**Q. Evaluate Height of Water in Tank?**

A water tank has spiral a small leak at a point 2 feet from its base on the ground. A second leak sprightly over the first is 5 feet from the base.

A passing physics student become aware of that the two streams issuing from the tank were striking the ground at the same spot. He after that realized he could calculate the height of the water in the tank. What were his end results?

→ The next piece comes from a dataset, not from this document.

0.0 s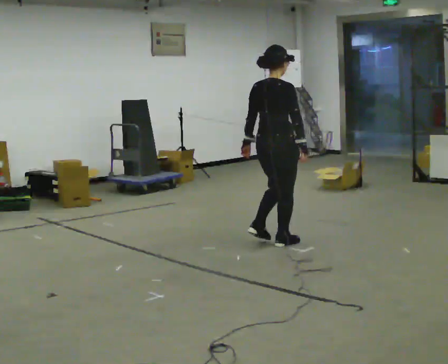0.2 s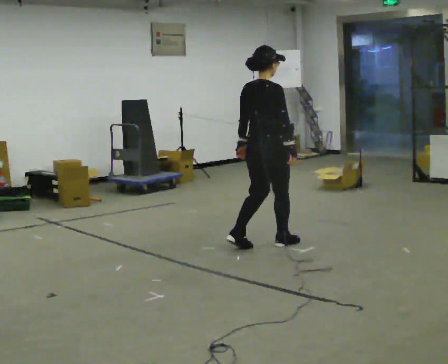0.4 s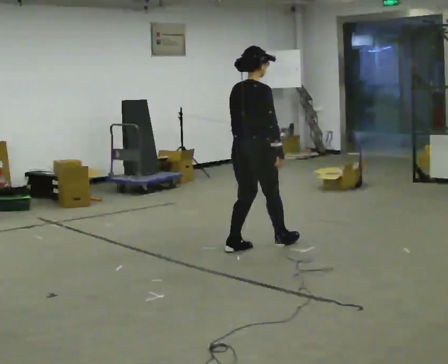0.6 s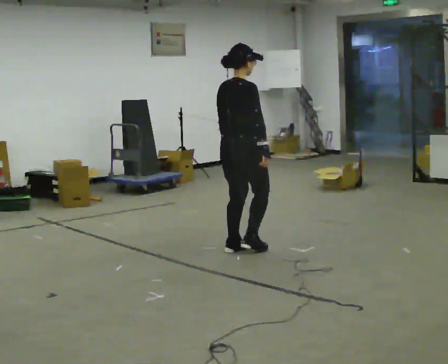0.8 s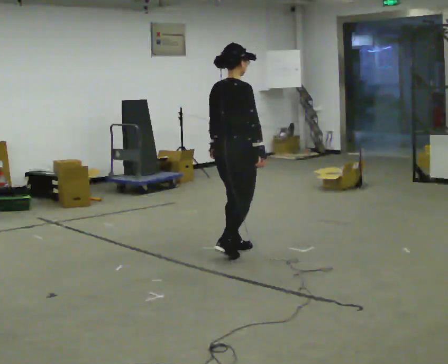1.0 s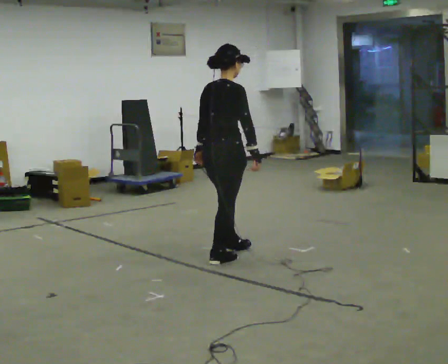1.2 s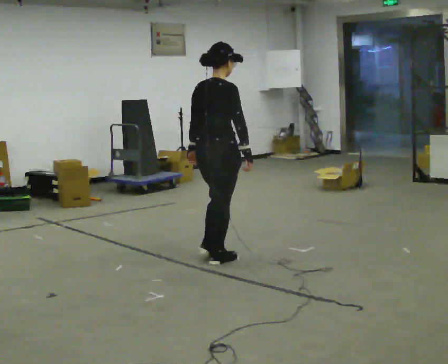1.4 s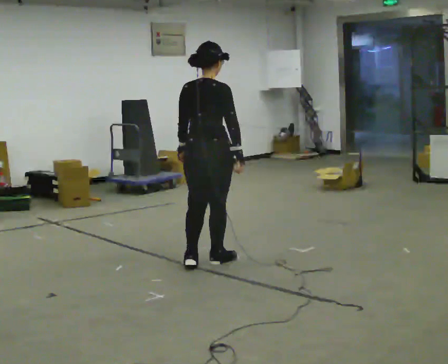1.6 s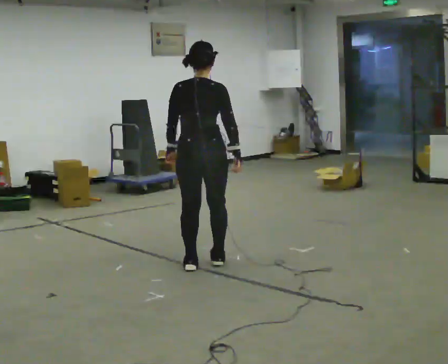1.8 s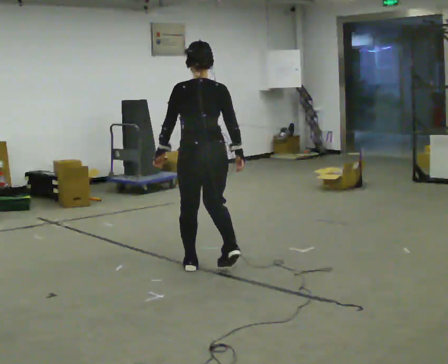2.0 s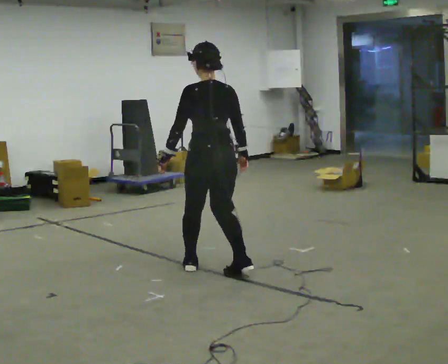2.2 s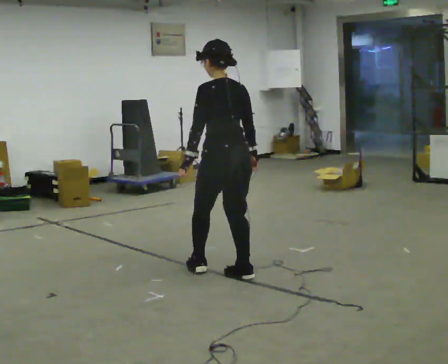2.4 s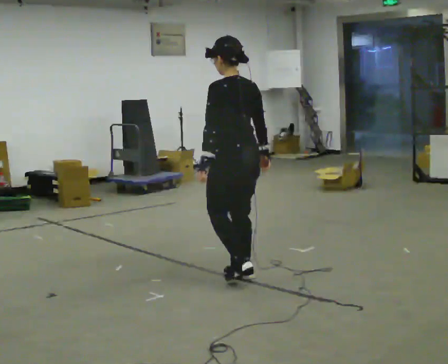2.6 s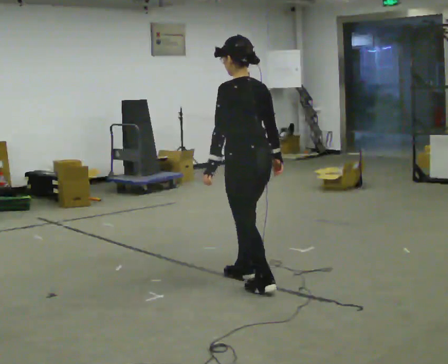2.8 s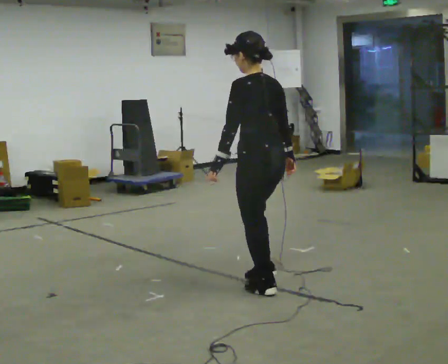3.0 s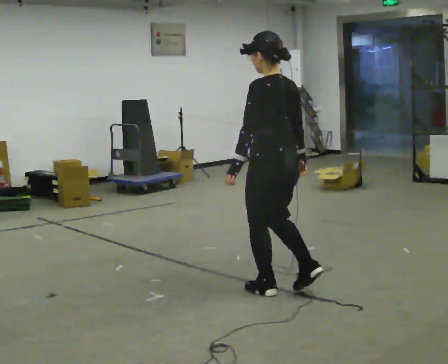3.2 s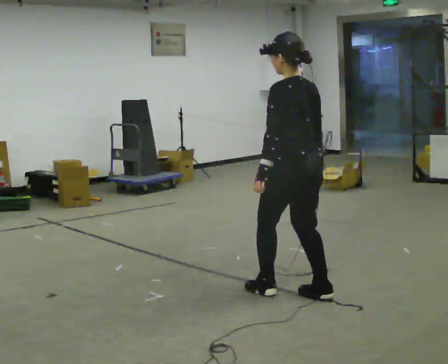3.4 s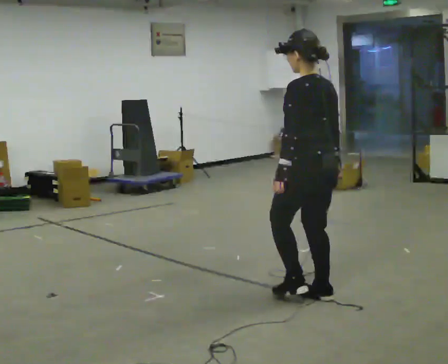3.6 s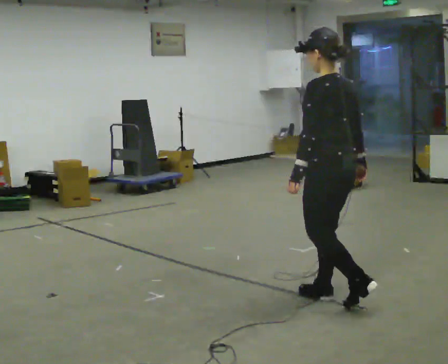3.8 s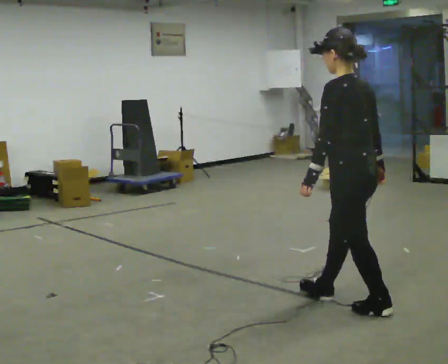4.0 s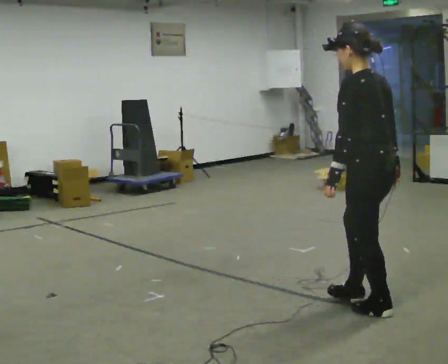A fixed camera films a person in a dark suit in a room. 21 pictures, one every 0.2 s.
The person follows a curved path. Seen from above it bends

We start by determining the velocity of the water issuing from the two leaks using Torricelli's theorem. We will utilize subscripts to link the relevant equations to their respective streams and insert the known values at the end.

v_{1}^{2} = 2g(h - h_{1})

v_{2}^{2}= 2g(h - h_{2})

We are able to find the time required for each stream to strike the ground from the kinematics equation y = vt_{0} + 1/2gt^{2}. For this numerical problem t_{0 }= 0.

h_{1} =1/2gt_{1}^{2}

h_{2 }=1/2gt_{2}^{2}

Solving

t_{1}^{2} =2h_{1}/g

t_{2}^{2}_{ }=2h_{2}/g

The horizontal distance travelled by every stream is vt. We have v_{1}t_{1} = v_{2}t_{2}

Or

(v_{1}t_{1})^{2} = (v_{2}t_{2})^{2}

Thus substituting from the above

(2g(h - h_{1}))2h_{1}/g= (2g(h - h_{2}))2h_{2}/g

(h - h_{1})h_{1} = (h - h_{2})h_{2}

hh_{1} - h_{1}^{2} = hh_{2} - h_{2}^{2}

h(h_{1 }- h_{2}) = h_{1}^{2} - h_{2}^{2}

h =((h_{1}^{2}- h_{2}^{2})/(h_{1 }- h_{2}))=((h_{1} + h_{2})(h_{1} - h_{2}))/h_{2} - h_{2 } thus,

h = h_{1 }+ h_{2}.

Specified that h_{1} = 2 ft and h_{2} = 5 ft the height of the water in the tank h = 7 ft.